#### Input material
_ _ _

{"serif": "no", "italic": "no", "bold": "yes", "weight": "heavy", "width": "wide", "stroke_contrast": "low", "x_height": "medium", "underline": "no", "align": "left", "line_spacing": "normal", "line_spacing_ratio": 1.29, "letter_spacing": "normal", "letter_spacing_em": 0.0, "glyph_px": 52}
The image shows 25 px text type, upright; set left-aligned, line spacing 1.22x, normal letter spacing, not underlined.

_ _ _

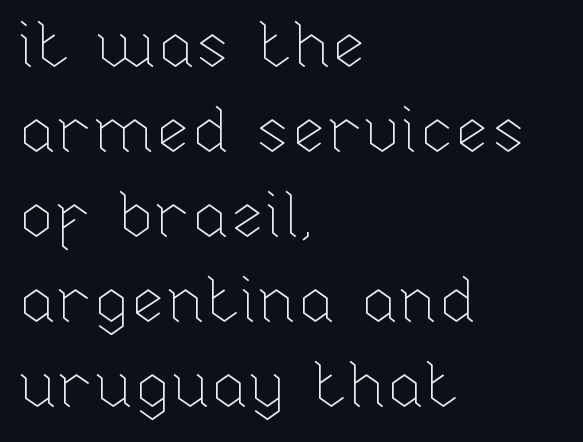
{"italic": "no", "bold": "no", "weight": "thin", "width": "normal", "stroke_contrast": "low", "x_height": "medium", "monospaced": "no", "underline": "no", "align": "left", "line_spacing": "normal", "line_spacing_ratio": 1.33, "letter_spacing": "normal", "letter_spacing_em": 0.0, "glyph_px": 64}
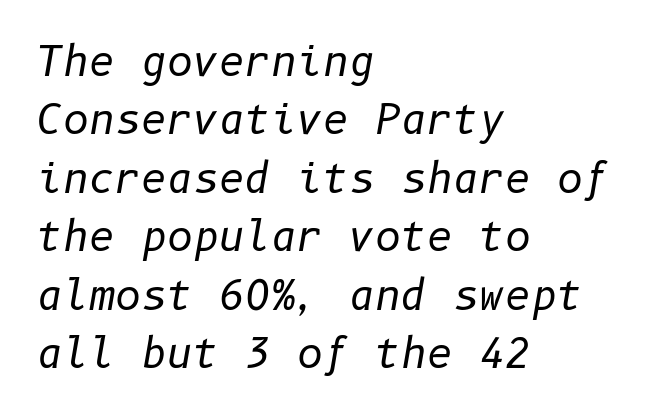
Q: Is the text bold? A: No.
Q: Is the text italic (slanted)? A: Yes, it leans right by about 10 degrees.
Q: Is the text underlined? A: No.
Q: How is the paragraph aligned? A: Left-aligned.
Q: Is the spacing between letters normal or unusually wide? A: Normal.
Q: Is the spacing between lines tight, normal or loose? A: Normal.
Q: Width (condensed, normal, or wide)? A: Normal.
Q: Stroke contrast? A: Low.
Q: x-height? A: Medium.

_ _ _

#### Assignment
Give the count of lines in the listing that contain the word "underlined". No explanation is wanted.

#### Solution for this problem
2